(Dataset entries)
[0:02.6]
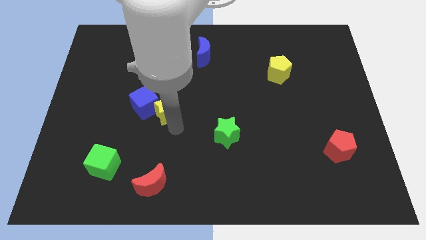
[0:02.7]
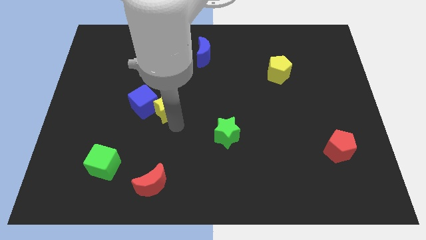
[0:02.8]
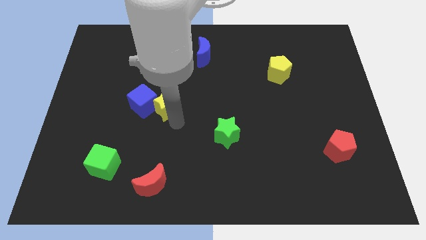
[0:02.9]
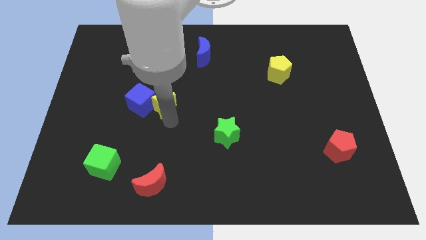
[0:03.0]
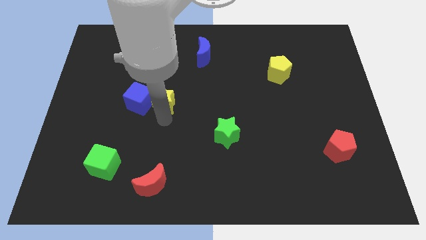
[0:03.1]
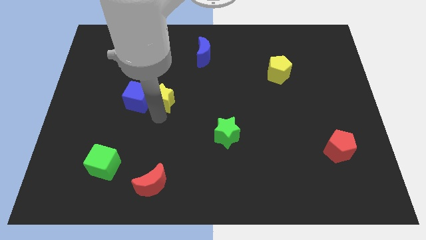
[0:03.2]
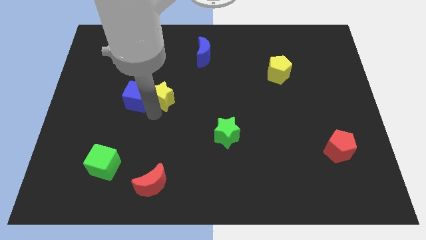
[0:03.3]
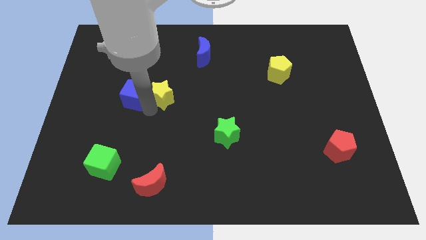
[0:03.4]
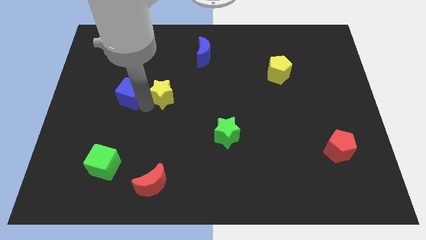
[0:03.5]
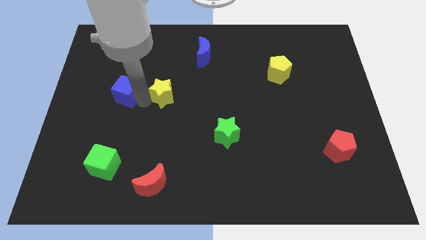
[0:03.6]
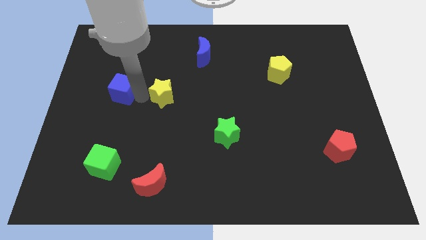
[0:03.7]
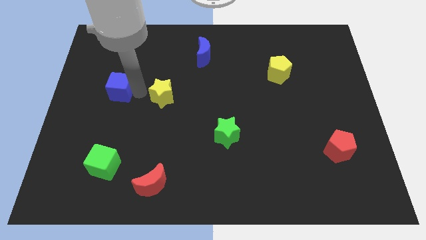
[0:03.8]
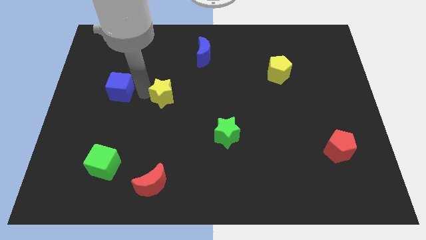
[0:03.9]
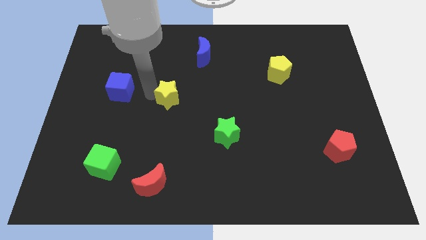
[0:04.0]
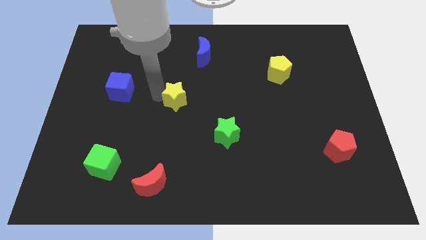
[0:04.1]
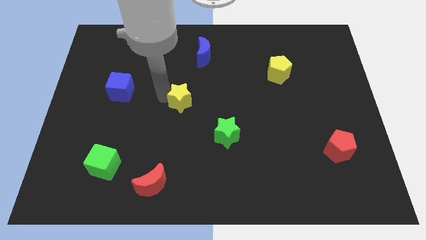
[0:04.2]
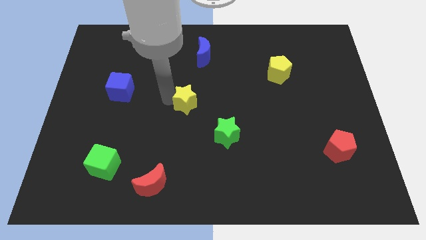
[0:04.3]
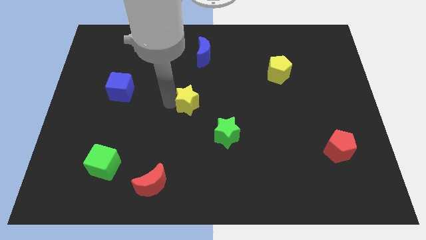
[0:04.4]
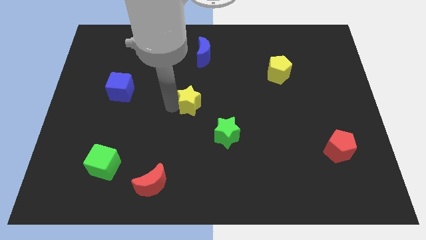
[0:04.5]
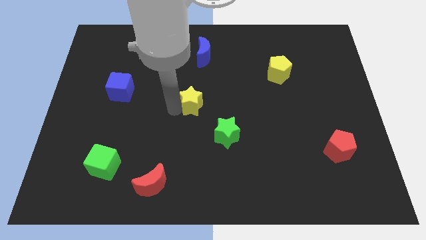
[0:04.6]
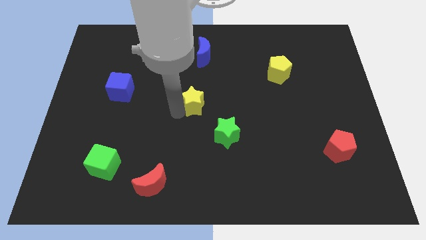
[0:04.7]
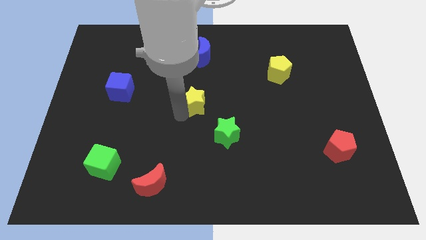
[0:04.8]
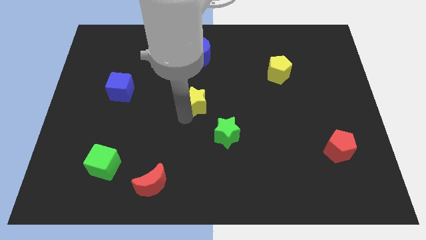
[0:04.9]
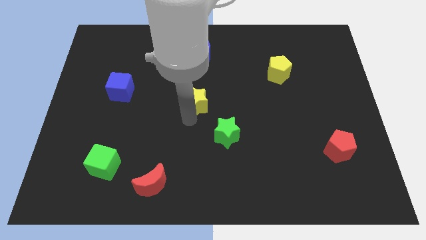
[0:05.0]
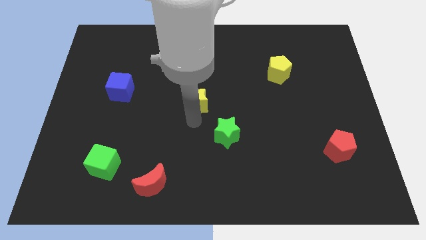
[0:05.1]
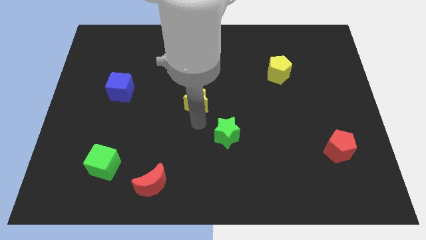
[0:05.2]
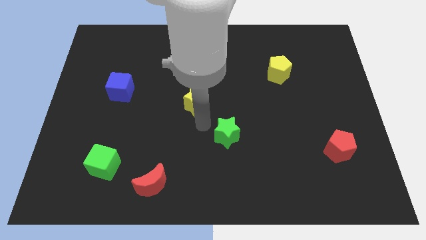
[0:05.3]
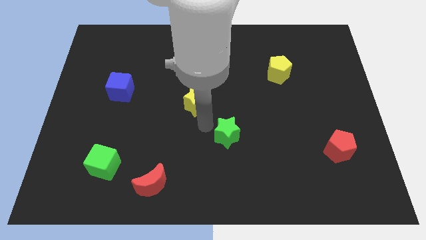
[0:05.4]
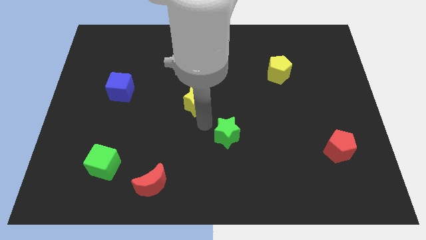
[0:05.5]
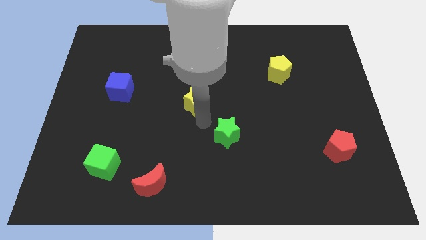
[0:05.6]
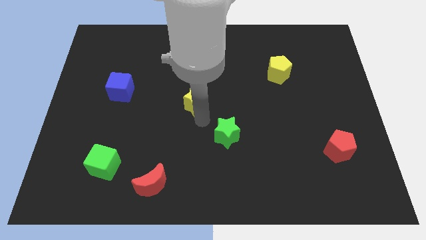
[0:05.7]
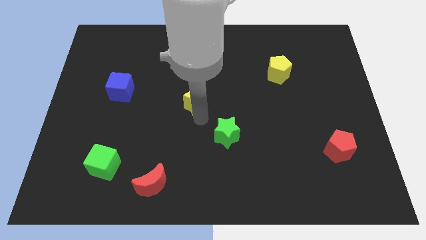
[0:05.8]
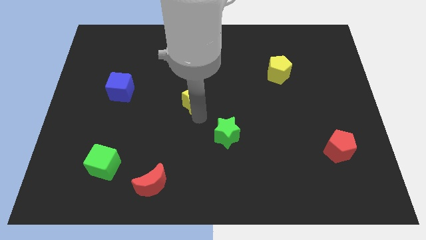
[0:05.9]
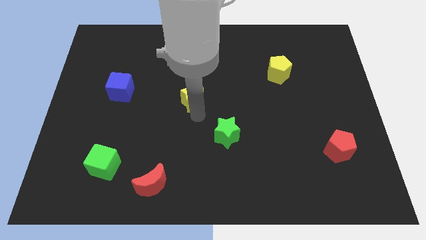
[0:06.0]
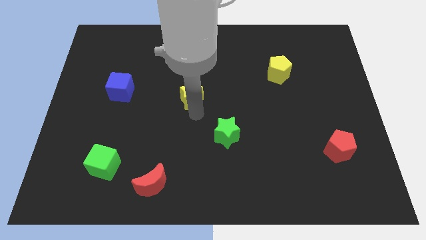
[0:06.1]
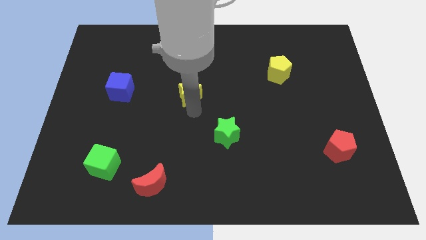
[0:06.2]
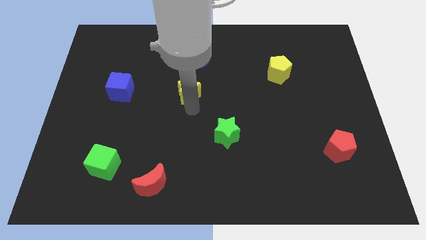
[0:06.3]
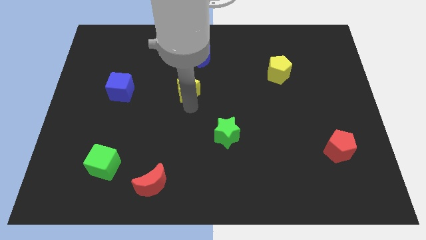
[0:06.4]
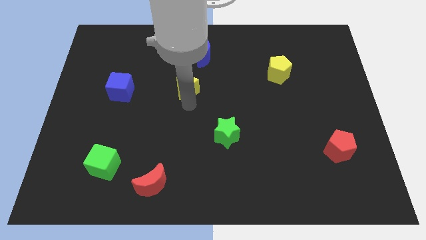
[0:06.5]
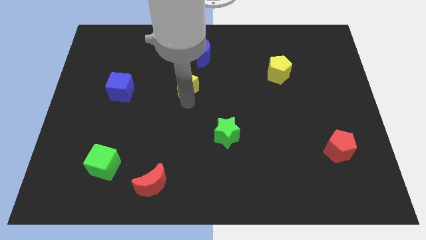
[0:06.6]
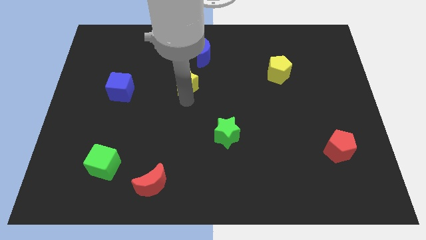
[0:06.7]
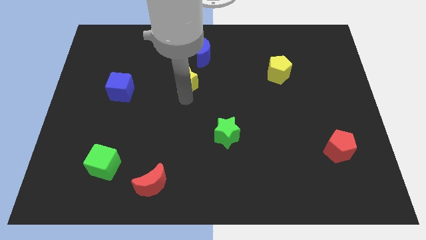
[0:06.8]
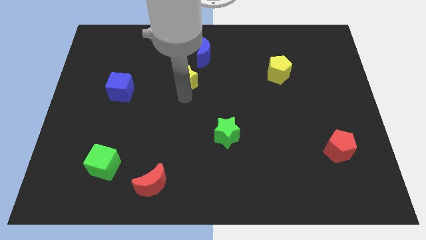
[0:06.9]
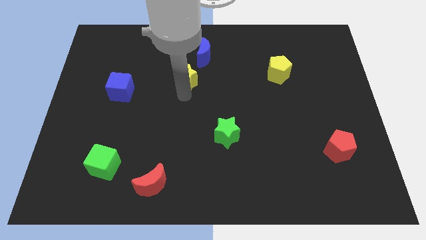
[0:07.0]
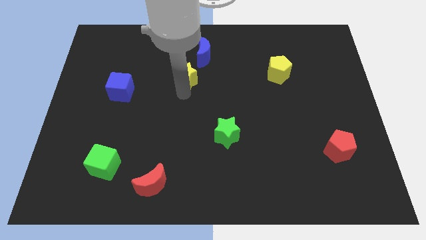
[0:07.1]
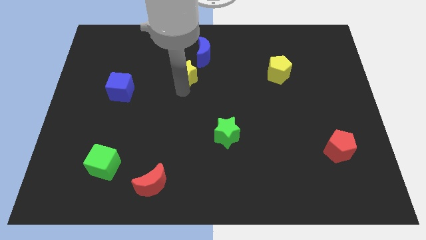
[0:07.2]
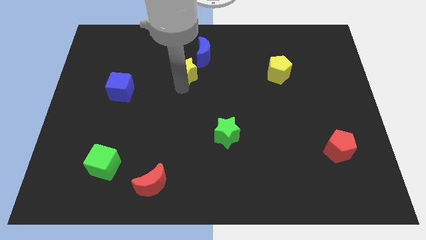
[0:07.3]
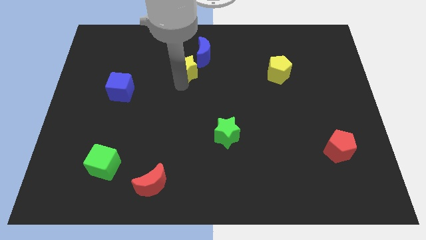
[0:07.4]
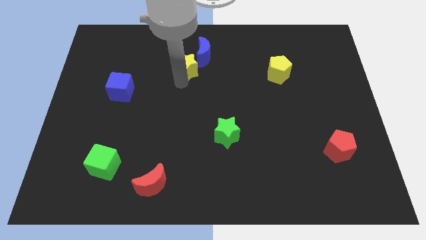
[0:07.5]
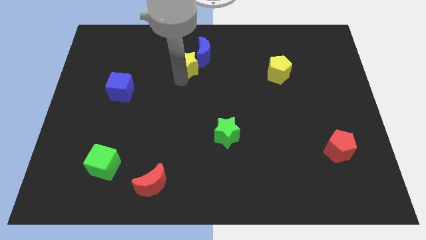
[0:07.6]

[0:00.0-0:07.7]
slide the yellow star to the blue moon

Work task => Transcribe the data verbatim. No picture belongs in the result.

Answer box =>
[0:02.6]
[0:02.7]
[0:02.8]
[0:02.9]
[0:03.0]
[0:03.1]
[0:03.2]
[0:03.3]
[0:03.4]
[0:03.5]
[0:03.6]
[0:03.7]
[0:03.8]
[0:03.9]
[0:04.0]
[0:04.1]
[0:04.2]
[0:04.3]
[0:04.4]
[0:04.5]
[0:04.6]
[0:04.7]
[0:04.8]
[0:04.9]
[0:05.0]
[0:05.1]
[0:05.2]
[0:05.3]
[0:05.4]
[0:05.5]
[0:05.6]
[0:05.7]
[0:05.8]
[0:05.9]
[0:06.0]
[0:06.1]
[0:06.2]
[0:06.3]
[0:06.4]
[0:06.5]
[0:06.6]
[0:06.7]
[0:06.8]
[0:06.9]
[0:07.0]
[0:07.1]
[0:07.2]
[0:07.3]
[0:07.4]
[0:07.5]
[0:07.6]

[0:00.0-0:07.7]
slide the yellow star to the blue moon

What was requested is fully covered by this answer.